→ Exercise aim: A faithful, complete copy of the entries below is required, with images removed.

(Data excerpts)
-------

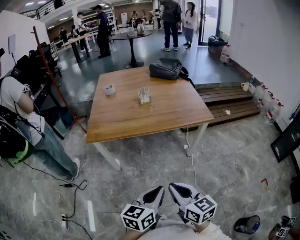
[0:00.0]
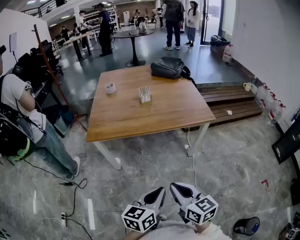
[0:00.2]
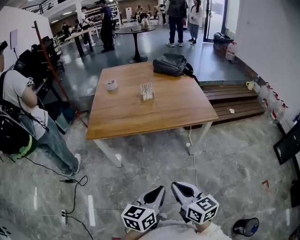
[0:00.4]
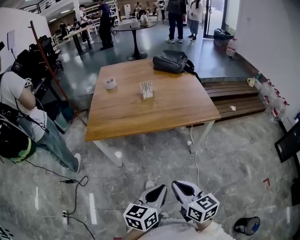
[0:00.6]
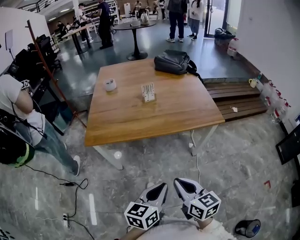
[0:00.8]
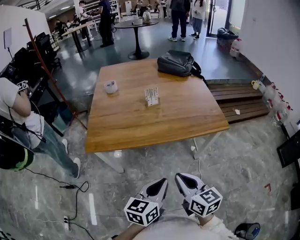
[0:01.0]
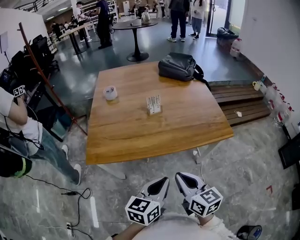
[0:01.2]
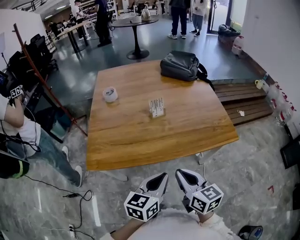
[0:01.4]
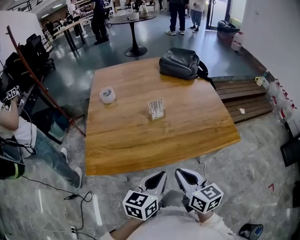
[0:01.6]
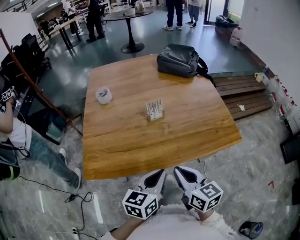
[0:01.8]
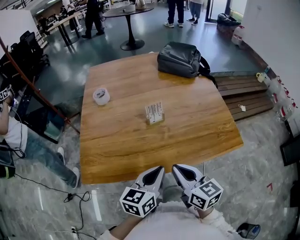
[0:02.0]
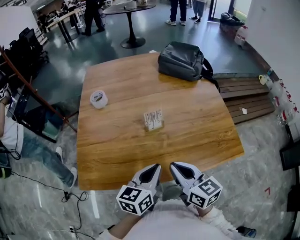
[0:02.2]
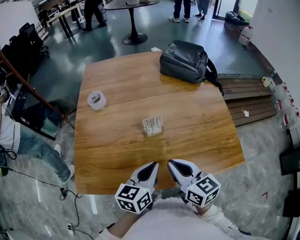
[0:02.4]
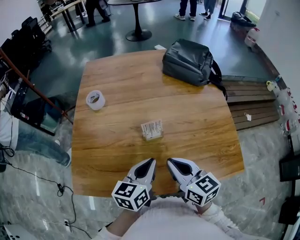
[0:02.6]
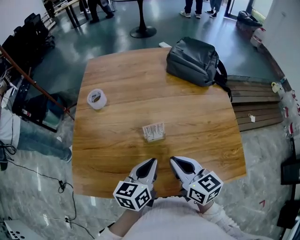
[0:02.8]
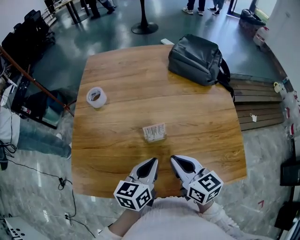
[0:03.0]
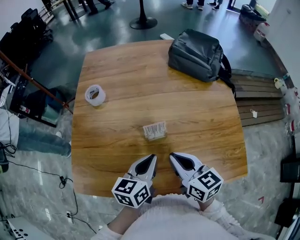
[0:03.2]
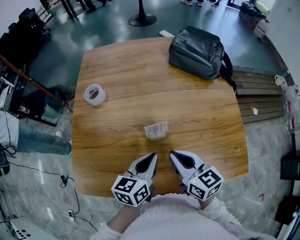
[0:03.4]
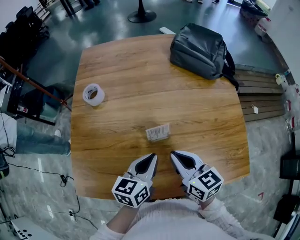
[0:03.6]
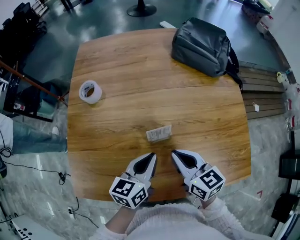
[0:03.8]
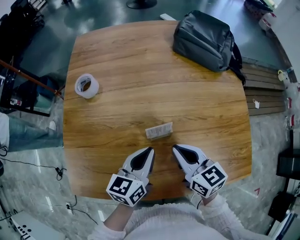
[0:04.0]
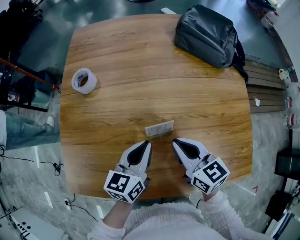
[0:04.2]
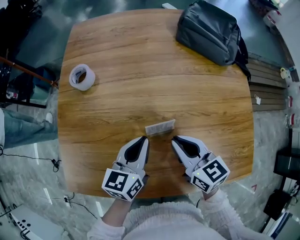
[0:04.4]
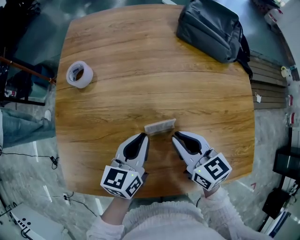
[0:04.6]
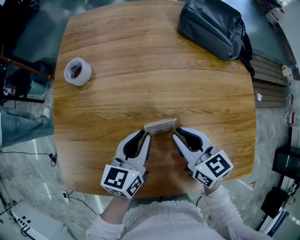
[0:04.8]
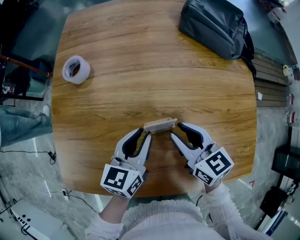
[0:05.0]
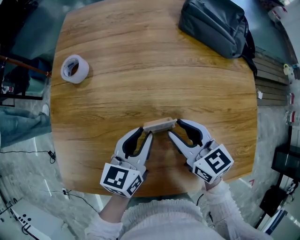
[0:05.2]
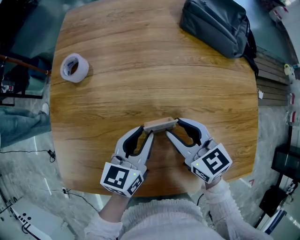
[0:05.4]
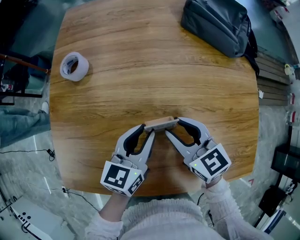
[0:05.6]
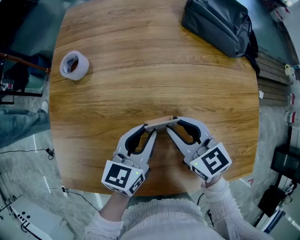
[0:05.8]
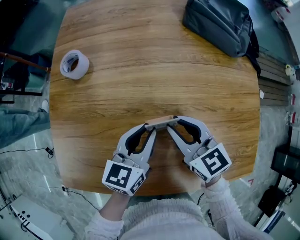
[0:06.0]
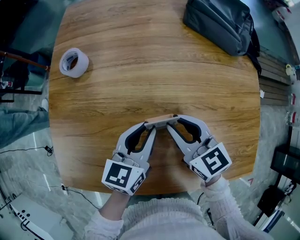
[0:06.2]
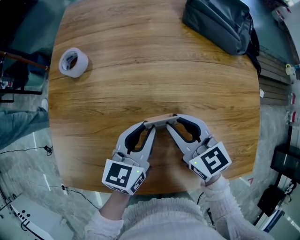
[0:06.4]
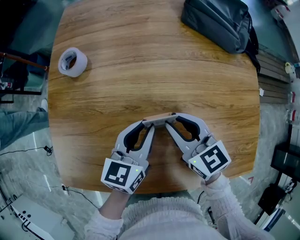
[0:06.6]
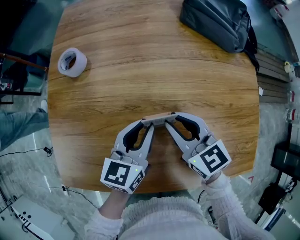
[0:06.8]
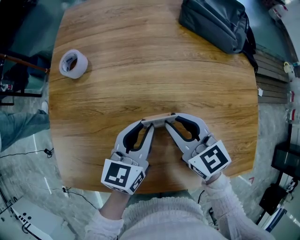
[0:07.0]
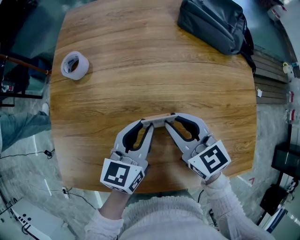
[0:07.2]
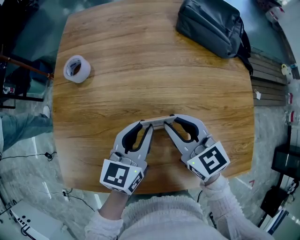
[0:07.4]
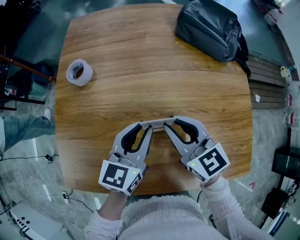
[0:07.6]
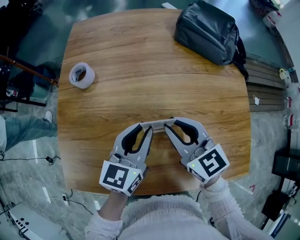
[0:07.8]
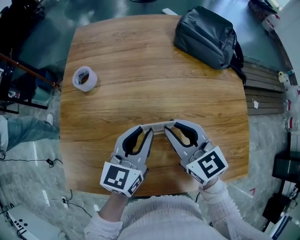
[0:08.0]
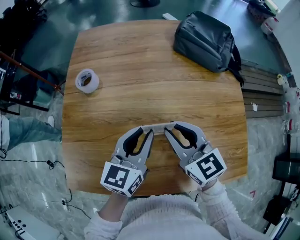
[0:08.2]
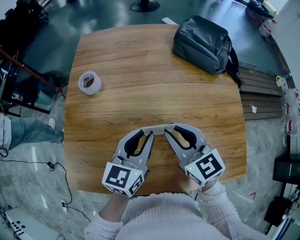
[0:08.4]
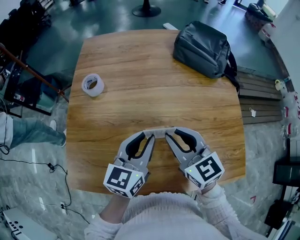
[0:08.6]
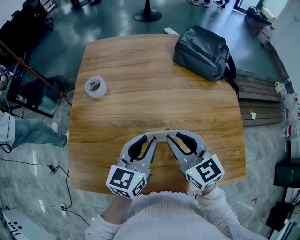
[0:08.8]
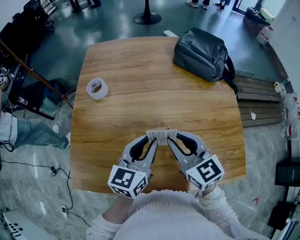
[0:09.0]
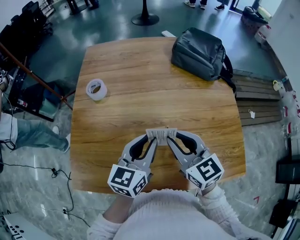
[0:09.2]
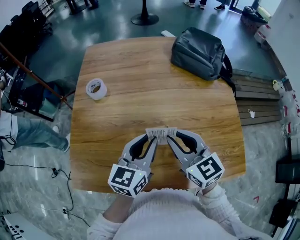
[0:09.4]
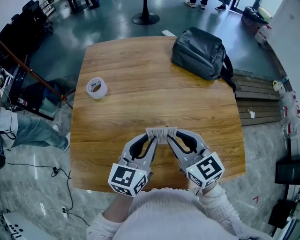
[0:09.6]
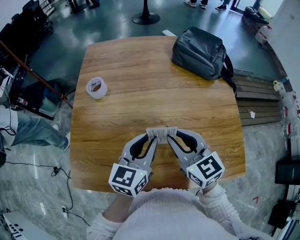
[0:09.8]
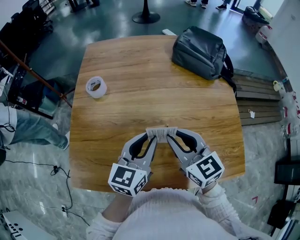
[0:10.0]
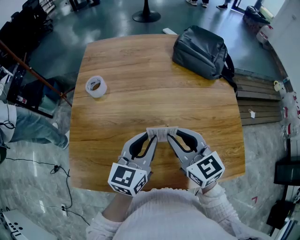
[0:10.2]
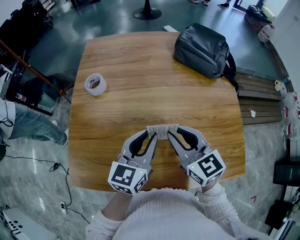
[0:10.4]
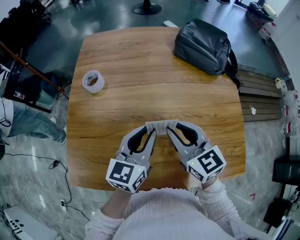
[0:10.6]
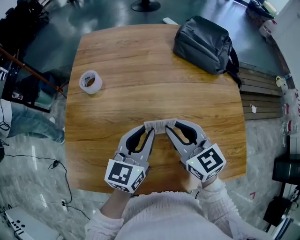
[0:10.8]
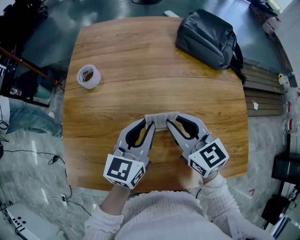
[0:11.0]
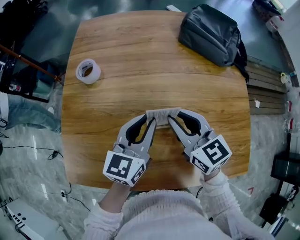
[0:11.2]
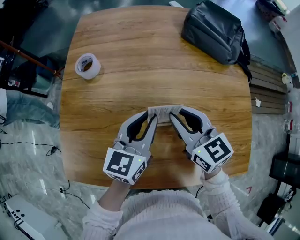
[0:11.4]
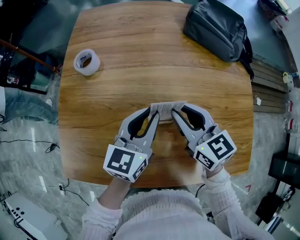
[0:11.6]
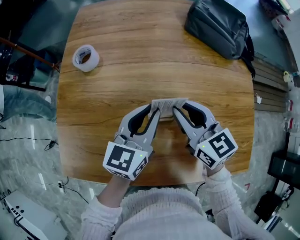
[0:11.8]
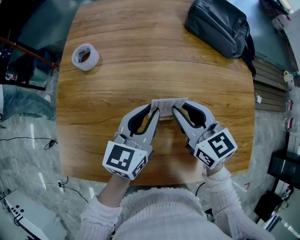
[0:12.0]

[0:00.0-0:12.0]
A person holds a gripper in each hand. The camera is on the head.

-------

→ Result for this task:
[0:00.0]
[0:00.2]
[0:00.4]
[0:00.6]
[0:00.8]
[0:01.0]
[0:01.2]
[0:01.4]
[0:01.6]
[0:01.8]
[0:02.0]
[0:02.2]
[0:02.4]
[0:02.6]
[0:02.8]
[0:03.0]
[0:03.2]
[0:03.4]
[0:03.6]
[0:03.8]
[0:04.0]
[0:04.2]
[0:04.4]
[0:04.6]
[0:04.8]
[0:05.0]
[0:05.2]
[0:05.4]
[0:05.6]
[0:05.8]
[0:06.0]
[0:06.2]
[0:06.4]
[0:06.6]
[0:06.8]
[0:07.0]
[0:07.2]
[0:07.4]
[0:07.6]
[0:07.8]
[0:08.0]
[0:08.2]
[0:08.4]
[0:08.6]
[0:08.8]
[0:09.0]
[0:09.2]
[0:09.4]
[0:09.6]
[0:09.8]
[0:10.0]
[0:10.2]
[0:10.4]
[0:10.6]
[0:10.8]
[0:11.0]
[0:11.2]
[0:11.4]
[0:11.6]
[0:11.8]
[0:12.0]

[0:00.0-0:12.0]
A person holds a gripper in each hand. The camera is on the head.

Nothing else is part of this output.